Face au bruit, l’enjeu pour nos sociétés est double :

– Préserver les citoyens du bruit sans les confiner dans les habitats,

– Développer les infrastructures de transport pour favoriser la croissance économique des pays.

Recommandations sur le bruit de l’Organisation Mondiale de la Santé (OMS)

L’OMS recommande un niveau de bruit ambiant inférieur à 35 décibels (dB), pour un repos nocturne convenable. Le seuil de danger acoustique est fixé à 90 dB. Au-delà de 105 dB, des pertes irréparables de l’audition peuvent se produire. Le seuil de douleur acoustique est fixé à 120 dB. Au-dessus de ce palier, le bruit devient intolérable, provoquant d’extrêmes douleurs et des pertes d’audition…

Les conséquences de la pollution sonore dans les lieux de vie

Si des solutions passives existent pour traiter le bruit dans l’habitat et les lieux de vie (double vitrage, isolant acoustique des façades, VMC double flux…), elles contraignent les gens à vivre derrière des fenêtres fermées tout en les privant du plaisir de vivre en contact avec l’extérieur. Conséquence directe : un manque d’aération suffisant dans les habitations ! L’isolation des logements étant devenue très efficace, le déficit voire l’absence de ventilation permanente favorise l’accumulation des polluants chimiques et biologiques, des odeurs, de l’humidité, de la chaleur qui nuisent à la santé.

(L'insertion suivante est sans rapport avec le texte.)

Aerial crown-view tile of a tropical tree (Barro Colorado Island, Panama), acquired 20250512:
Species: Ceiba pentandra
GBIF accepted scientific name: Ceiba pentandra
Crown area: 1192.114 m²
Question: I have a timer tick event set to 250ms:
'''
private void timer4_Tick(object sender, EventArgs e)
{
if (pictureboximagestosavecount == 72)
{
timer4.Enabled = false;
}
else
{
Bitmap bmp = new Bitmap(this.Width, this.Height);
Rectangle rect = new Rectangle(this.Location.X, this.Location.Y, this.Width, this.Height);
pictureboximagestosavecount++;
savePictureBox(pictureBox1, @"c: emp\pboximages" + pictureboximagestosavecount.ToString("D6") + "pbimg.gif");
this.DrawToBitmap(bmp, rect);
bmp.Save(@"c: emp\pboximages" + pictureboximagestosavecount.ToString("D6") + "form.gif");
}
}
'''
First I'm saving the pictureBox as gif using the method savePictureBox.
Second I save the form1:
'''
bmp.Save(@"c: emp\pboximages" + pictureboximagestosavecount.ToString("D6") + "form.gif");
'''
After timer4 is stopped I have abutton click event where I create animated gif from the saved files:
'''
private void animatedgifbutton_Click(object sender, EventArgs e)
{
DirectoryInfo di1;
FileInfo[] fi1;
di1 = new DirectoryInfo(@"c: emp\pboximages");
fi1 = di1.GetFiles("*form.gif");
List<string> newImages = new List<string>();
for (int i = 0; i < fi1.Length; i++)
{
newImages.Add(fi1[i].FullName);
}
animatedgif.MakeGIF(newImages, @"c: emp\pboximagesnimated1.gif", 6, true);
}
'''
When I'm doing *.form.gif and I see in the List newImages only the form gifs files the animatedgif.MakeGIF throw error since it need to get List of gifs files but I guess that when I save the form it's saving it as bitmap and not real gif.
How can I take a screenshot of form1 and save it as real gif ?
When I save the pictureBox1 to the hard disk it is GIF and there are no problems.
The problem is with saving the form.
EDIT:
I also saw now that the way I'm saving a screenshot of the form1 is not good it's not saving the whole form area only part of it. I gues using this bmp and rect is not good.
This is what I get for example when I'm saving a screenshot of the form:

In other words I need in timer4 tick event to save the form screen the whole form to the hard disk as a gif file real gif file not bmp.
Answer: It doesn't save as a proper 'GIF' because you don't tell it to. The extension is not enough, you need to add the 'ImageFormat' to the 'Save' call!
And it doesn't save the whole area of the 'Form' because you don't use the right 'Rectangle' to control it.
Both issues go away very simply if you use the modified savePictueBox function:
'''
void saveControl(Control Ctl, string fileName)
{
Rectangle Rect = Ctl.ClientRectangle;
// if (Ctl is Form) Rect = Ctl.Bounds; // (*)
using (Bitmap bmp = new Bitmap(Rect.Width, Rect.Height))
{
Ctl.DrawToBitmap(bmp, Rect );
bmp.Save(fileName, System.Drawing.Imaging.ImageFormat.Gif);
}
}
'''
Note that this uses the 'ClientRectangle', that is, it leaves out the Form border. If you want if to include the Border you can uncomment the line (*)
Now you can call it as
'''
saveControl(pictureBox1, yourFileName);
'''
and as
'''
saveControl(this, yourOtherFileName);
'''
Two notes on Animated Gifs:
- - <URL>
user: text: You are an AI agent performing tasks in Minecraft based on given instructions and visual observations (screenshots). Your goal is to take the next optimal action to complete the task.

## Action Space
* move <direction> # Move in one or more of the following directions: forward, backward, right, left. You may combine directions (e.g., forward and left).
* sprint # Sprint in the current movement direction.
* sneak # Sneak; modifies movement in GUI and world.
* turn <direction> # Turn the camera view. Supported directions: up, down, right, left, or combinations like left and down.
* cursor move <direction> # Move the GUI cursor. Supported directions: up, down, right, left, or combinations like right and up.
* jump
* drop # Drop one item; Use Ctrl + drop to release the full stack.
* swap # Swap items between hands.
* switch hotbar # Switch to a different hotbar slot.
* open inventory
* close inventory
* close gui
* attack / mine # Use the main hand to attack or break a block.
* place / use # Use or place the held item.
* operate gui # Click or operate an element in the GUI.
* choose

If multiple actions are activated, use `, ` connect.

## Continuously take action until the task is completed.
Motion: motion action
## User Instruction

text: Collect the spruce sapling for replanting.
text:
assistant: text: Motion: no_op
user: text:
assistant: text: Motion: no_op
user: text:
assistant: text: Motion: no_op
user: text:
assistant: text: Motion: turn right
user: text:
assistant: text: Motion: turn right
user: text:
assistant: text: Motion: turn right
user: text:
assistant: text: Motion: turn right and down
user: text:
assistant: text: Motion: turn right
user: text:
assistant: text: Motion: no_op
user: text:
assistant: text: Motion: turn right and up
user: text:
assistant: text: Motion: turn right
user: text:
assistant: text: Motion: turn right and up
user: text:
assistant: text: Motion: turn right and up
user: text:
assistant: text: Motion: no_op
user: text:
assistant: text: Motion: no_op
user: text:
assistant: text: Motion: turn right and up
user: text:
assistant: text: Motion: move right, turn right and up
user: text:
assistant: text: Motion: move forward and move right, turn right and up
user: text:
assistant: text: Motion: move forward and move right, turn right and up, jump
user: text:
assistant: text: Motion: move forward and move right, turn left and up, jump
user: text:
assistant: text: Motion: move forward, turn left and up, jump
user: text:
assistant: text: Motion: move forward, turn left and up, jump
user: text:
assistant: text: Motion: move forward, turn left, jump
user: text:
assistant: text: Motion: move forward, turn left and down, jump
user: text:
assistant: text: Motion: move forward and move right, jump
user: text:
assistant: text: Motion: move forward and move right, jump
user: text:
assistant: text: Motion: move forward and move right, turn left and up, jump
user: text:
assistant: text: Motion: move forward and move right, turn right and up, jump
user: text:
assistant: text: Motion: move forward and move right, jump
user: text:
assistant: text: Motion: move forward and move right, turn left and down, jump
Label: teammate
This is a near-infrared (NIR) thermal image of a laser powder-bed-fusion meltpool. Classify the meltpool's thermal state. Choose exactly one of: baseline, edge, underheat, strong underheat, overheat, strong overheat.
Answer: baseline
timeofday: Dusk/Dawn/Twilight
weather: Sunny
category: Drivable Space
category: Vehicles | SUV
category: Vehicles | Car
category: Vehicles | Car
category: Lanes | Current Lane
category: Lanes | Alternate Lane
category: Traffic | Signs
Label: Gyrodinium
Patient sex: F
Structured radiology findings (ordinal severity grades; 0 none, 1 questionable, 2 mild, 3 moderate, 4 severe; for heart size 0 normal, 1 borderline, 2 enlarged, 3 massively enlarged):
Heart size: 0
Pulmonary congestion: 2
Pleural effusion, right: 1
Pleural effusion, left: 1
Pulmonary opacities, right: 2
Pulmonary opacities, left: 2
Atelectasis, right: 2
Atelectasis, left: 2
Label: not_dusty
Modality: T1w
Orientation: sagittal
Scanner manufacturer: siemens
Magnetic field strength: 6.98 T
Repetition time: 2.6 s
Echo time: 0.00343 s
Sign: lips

Pourtant le renouvellement de l’air dans des locaux habités, par son rôle d’aération et de dilution, est indispensable :

  • En termes de confort et d’hygiène

  • Pour assurer la pérennité de la structure

  • Pour la sécurité face aux appareils de combustion

3 facteurs qui sont fortement appuyés par les premiers résultats de l’Observatoire de l’Air Intérieur (rapport Avril 2002) qui met en évidence que l’air que nous respirons à l’intérieur des bâtiments est plus pollué que l’air extérieur (activité des occupants, émission de polluants par les matériaux…).